● DATASET EXCERPTS:
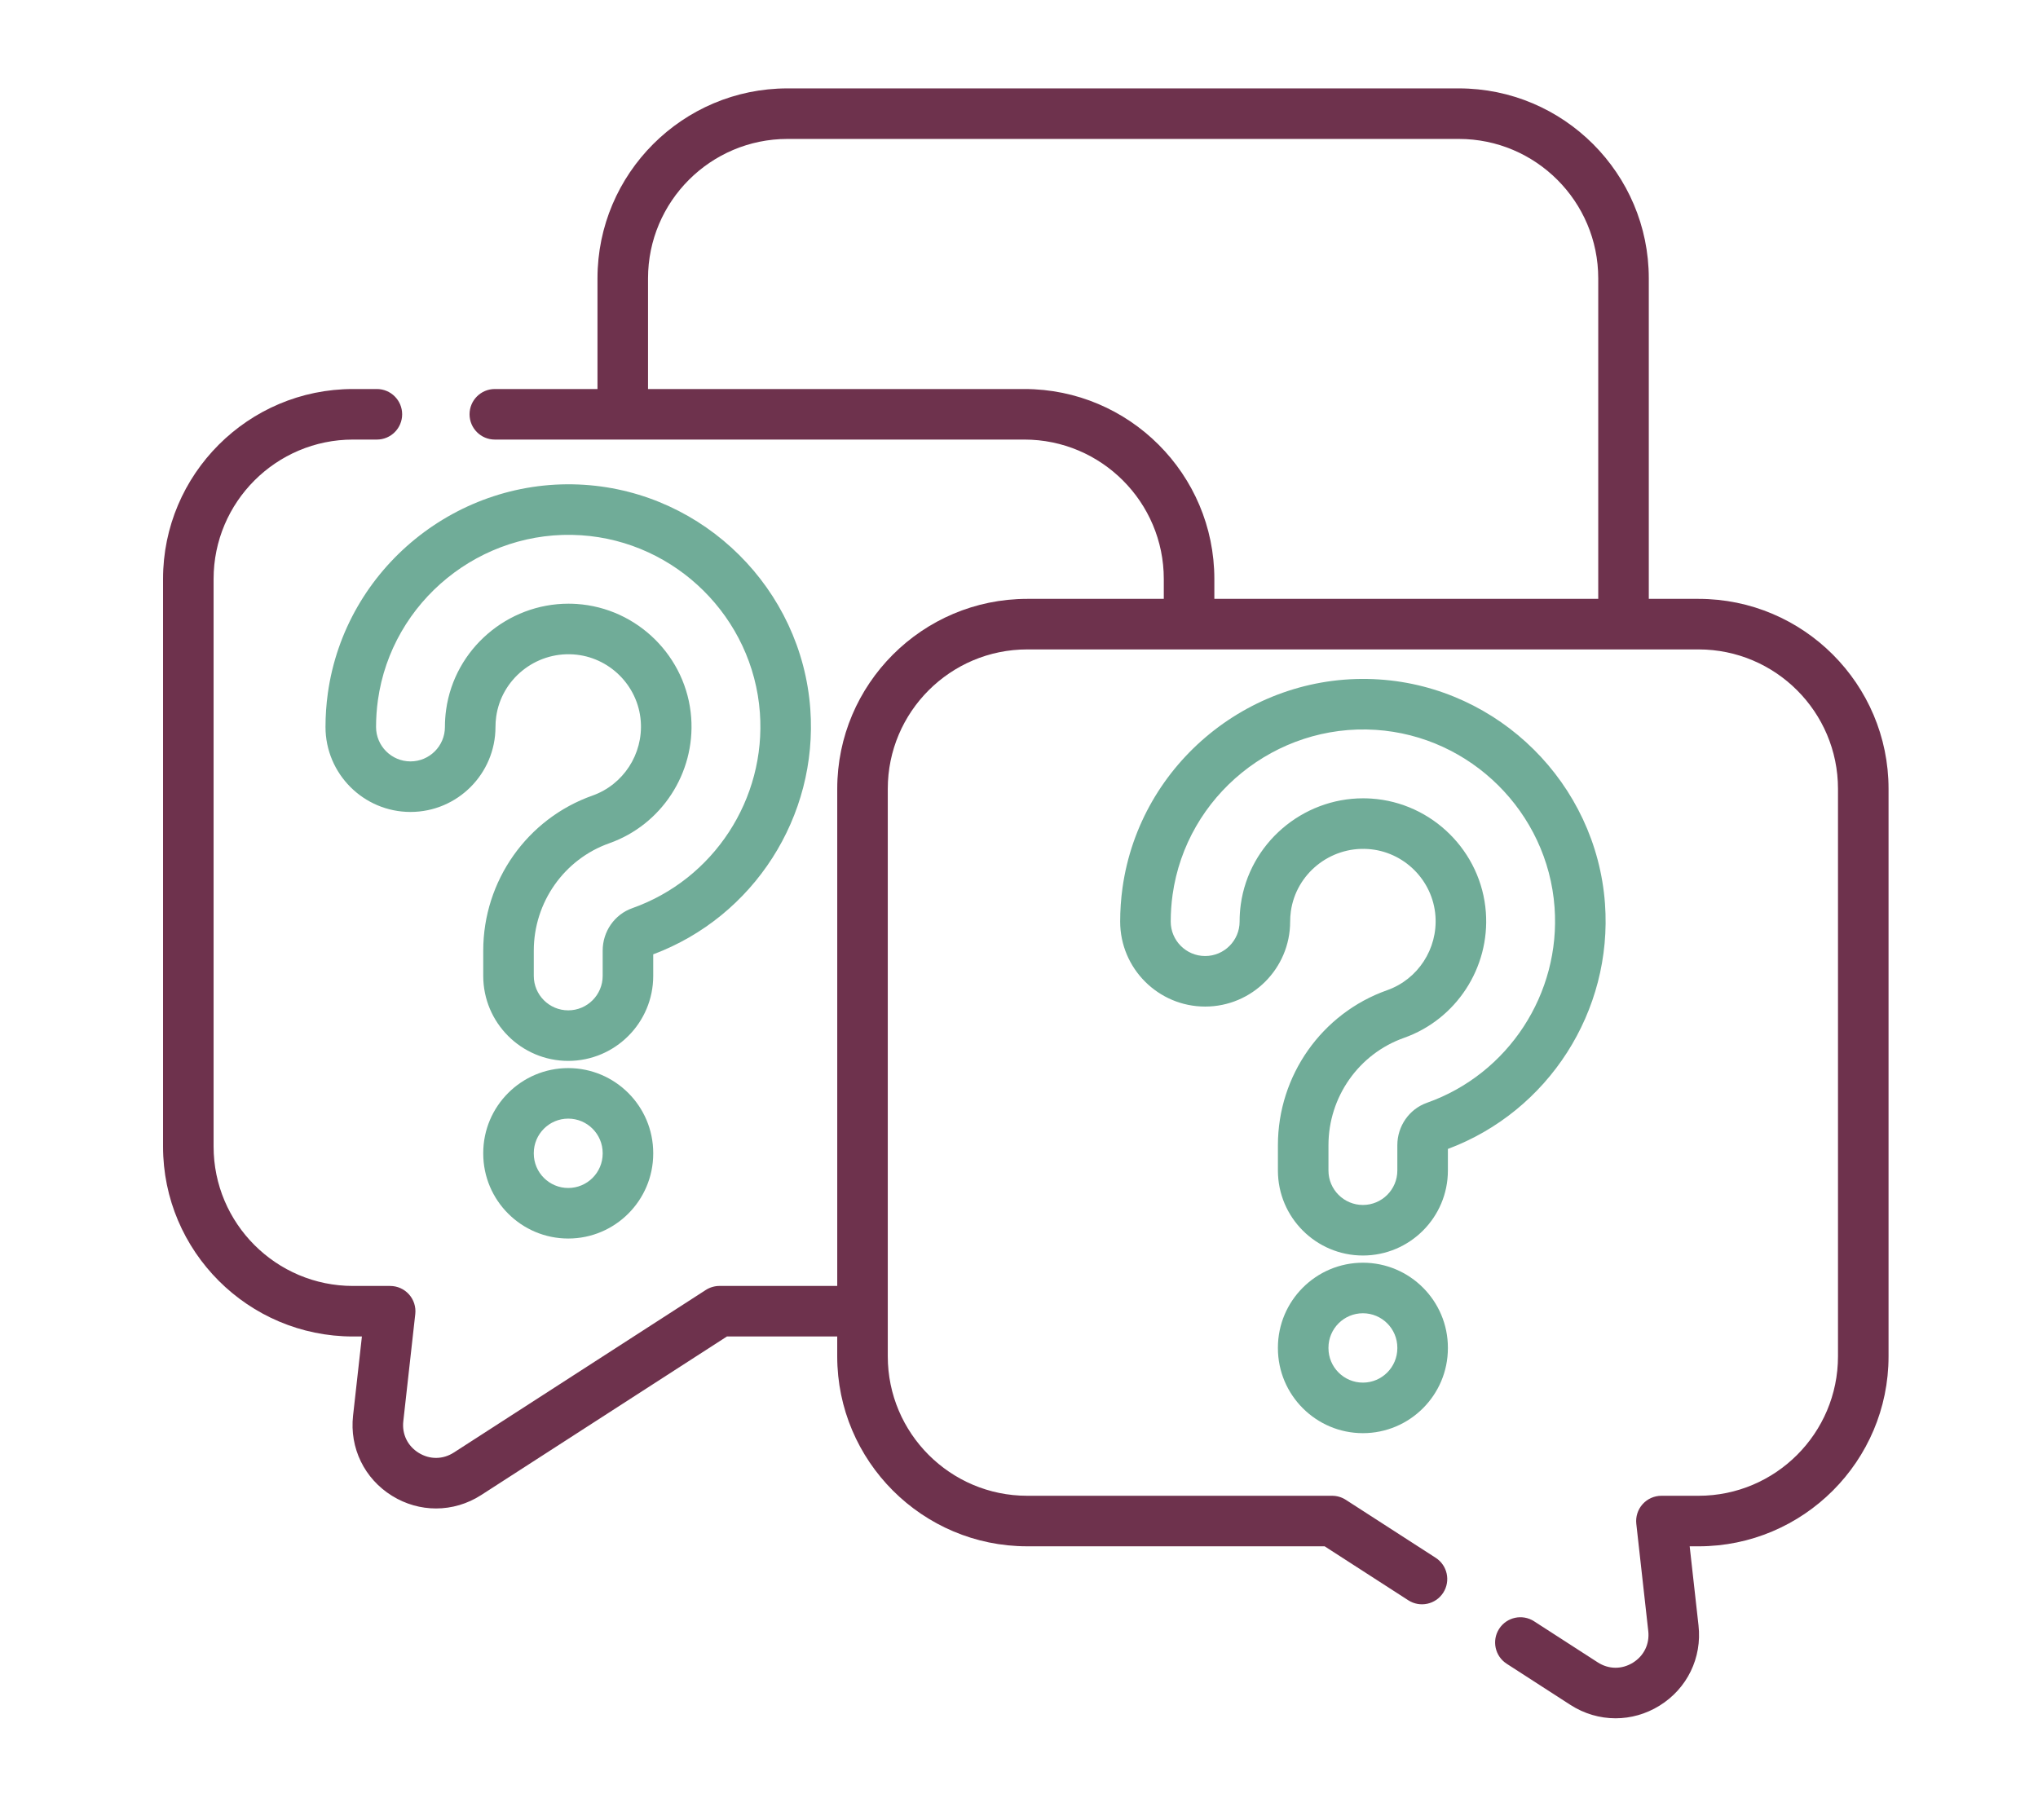 <?xml version="1.0" encoding="UTF-8"?>
<svg xmlns="http://www.w3.org/2000/svg" width="150" height="134" viewBox="0 0 150 134" fill="none">
  <g clip-path="url(#clip0_101_406)">
    <path d="M48.078 70.253C55.476 67.487 60.217 60.107 59.64 52.193C58.996 43.363 51.848 36.268 43.014 35.69C33.711 35.08 25.415 41.819 24.129 51.033C24.015 51.852 23.957 52.687 23.957 53.516C23.957 56.966 26.764 59.772 30.213 59.772C33.662 59.772 36.468 56.966 36.468 53.516C36.468 53.263 36.486 53.009 36.52 52.761C36.905 50.004 39.395 47.988 42.196 48.174C44.835 48.347 46.97 50.465 47.162 53.102C47.338 55.517 45.876 57.765 43.605 58.568C38.797 60.268 35.567 64.853 35.567 69.978V71.842C35.567 75.292 38.373 78.098 41.823 78.098C45.272 78.098 48.078 75.292 48.078 71.842V70.253ZM44.358 69.978V71.842C44.358 73.24 43.221 74.377 41.823 74.377C40.425 74.377 39.288 73.24 39.288 71.842V69.978C39.288 66.427 41.522 63.251 44.846 62.076C48.692 60.715 51.171 56.914 50.873 52.832C50.547 48.353 46.921 44.755 42.44 44.461C42.239 44.448 42.039 44.441 41.84 44.441C37.355 44.441 33.46 47.767 32.835 52.247C32.777 52.664 32.747 53.091 32.747 53.516C32.747 54.914 31.61 56.051 30.213 56.051C28.815 56.051 27.678 54.914 27.678 53.516C27.678 52.858 27.724 52.196 27.814 51.547C28.832 44.253 35.4 38.919 42.77 39.403C49.762 39.861 55.419 45.475 55.929 52.463C56.392 58.818 52.529 64.736 46.535 66.856C45.233 67.316 44.358 68.571 44.358 69.978Z" fill="#70AC98"></path>
    <path d="M41.823 78.628C38.373 78.628 35.567 81.434 35.567 84.883V84.92C35.567 88.369 38.373 91.175 41.823 91.175C45.272 91.175 48.078 88.369 48.078 84.92V84.883C48.078 81.434 45.272 78.628 41.823 78.628ZM44.358 84.92C44.358 86.317 43.221 87.454 41.823 87.454C40.425 87.454 39.288 86.317 39.288 84.92V84.883C39.288 83.486 40.425 82.348 41.823 82.348C43.221 82.348 44.358 83.486 44.358 84.883V84.92Z" fill="#70AC98"></path>
    <path d="M125.018 44.086H121.354V20.49C121.354 12.78 115.082 6.507 107.372 6.507H57.958C50.248 6.507 43.976 12.78 43.976 20.49V28.638H36.42C35.393 28.638 34.56 29.471 34.56 30.498C34.56 31.526 35.393 32.359 36.42 32.359H75.396C81.054 32.359 85.657 36.962 85.657 42.62V44.086H75.604C67.894 44.086 61.622 50.359 61.622 58.069V94.665H52.955C52.597 94.665 52.247 94.769 51.946 94.963L33.405 106.928C32.599 107.448 31.631 107.457 30.815 106.952C30 106.447 29.578 105.578 29.684 104.625L30.565 96.732C30.624 96.206 30.455 95.68 30.102 95.286C29.75 94.891 29.245 94.666 28.716 94.666H25.982C20.324 94.666 15.721 90.062 15.721 84.404V42.62C15.721 36.962 20.324 32.359 25.982 32.359H27.739C28.766 32.359 29.599 31.526 29.599 30.498C29.599 29.471 28.766 28.638 27.739 28.638H25.982C18.272 28.638 12 34.91 12 42.62V84.404C12 92.114 18.273 98.386 25.982 98.386H26.637L25.986 104.212C25.72 106.592 26.819 108.854 28.855 110.115C29.857 110.736 30.975 111.046 32.092 111.046C33.246 111.046 34.399 110.715 35.422 110.055L53.503 98.386H61.621V99.85C61.621 107.56 67.894 113.832 75.604 113.832H97.496L103.651 117.804C104.514 118.361 105.666 118.113 106.223 117.25C106.78 116.386 106.532 115.235 105.669 114.678L99.053 110.409C98.753 110.215 98.402 110.112 98.045 110.112H75.604C69.945 110.112 65.342 105.508 65.342 99.85V58.069C65.342 52.411 69.946 47.807 75.604 47.807H125.017C130.676 47.807 135.279 52.411 135.279 58.069V99.85C135.279 105.509 130.676 110.112 125.017 110.112H122.284C121.755 110.112 121.25 110.337 120.897 110.732C120.545 111.126 120.376 111.652 120.435 112.179L121.315 120.072C121.422 121.025 120.999 121.895 120.184 122.4C119.368 122.905 118.401 122.896 117.595 122.375L112.912 119.352C112.049 118.794 110.897 119.042 110.34 119.905C109.783 120.769 110.031 121.92 110.894 122.477L115.577 125.501C116.6 126.162 117.753 126.493 118.908 126.493C120.024 126.493 121.141 126.184 122.142 125.564C124.18 124.302 125.28 122.039 125.013 119.659L124.363 113.833H125.017C132.727 113.833 139 107.56 139 99.85V58.069C139 50.359 132.727 44.086 125.018 44.086ZM75.396 28.638H47.696V20.49C47.696 14.831 52.3 10.228 57.958 10.228H107.372C113.03 10.228 117.633 14.831 117.633 20.49V44.086H89.378V42.62C89.378 34.91 83.106 28.638 75.396 28.638Z" fill="#6E324D"></path>
    <path d="M118.129 66.52C117.485 57.69 110.337 50.596 101.502 50.017C92.199 49.407 83.904 56.146 82.618 65.36C82.504 66.178 82.446 67.014 82.446 67.843C82.446 71.293 85.252 74.099 88.702 74.099C92.151 74.099 94.957 71.293 94.957 67.843C94.957 67.59 94.975 67.336 95.009 67.089C95.394 64.331 97.886 62.316 100.685 62.501C103.324 62.674 105.459 64.793 105.651 67.429C105.827 69.845 104.364 72.093 102.094 72.895C97.286 74.595 94.056 79.18 94.056 84.305V86.17C94.056 89.619 96.862 92.425 100.312 92.425C103.761 92.425 106.567 89.619 106.567 86.17V84.58C113.965 81.814 118.706 74.434 118.129 66.52ZM105.024 81.183C103.722 81.643 102.846 82.898 102.846 84.305V86.17C102.846 87.567 101.709 88.704 100.312 88.704C98.914 88.704 97.777 87.567 97.777 86.17V84.305C97.777 80.754 100.01 77.579 103.335 76.403C107.181 75.043 109.66 71.241 109.362 67.159C109.035 62.68 105.409 59.082 100.929 58.788C100.728 58.775 100.528 58.768 100.329 58.768C95.844 58.768 91.949 62.094 91.324 66.575C91.266 66.992 91.237 67.418 91.237 67.843C91.237 69.241 90.1 70.378 88.702 70.378C87.304 70.378 86.167 69.241 86.167 67.843C86.167 67.185 86.213 66.523 86.303 65.874C87.321 58.58 93.891 53.246 101.259 53.729C108.251 54.187 113.909 59.802 114.418 66.79C114.881 73.145 111.018 79.063 105.024 81.183Z" fill="#70AC98"></path>
    <path d="M100.312 92.955C96.862 92.955 94.056 95.761 94.056 99.211V99.247C94.056 102.696 96.862 105.503 100.312 105.503C103.761 105.503 106.567 102.696 106.567 99.247V99.211C106.567 95.761 103.761 92.955 100.312 92.955ZM102.846 99.247C102.846 100.645 101.709 101.782 100.312 101.782C98.914 101.782 97.777 100.645 97.777 99.247V99.211C97.777 97.813 98.914 96.676 100.312 96.676C101.709 96.676 102.846 97.813 102.846 99.211V99.247Z" fill="#70AC98"></path>
  </g>
  <defs>
    <clipPath id="clip0_101_406">
      <rect width="127" height="127" fill="white" transform="translate(12 3)"></rect>
    </clipPath>
  </defs>
</svg>

● PROBLEM DETAILS:
Take the entries above and copy out all lines with the string "height".

● TASK RESULT:
<svg xmlns="http://www.w3.org/2000/svg" width="150" height="134" viewBox="0 0 150 134" fill="none">
      <rect width="127" height="127" fill="white" transform="translate(12 3)"></rect>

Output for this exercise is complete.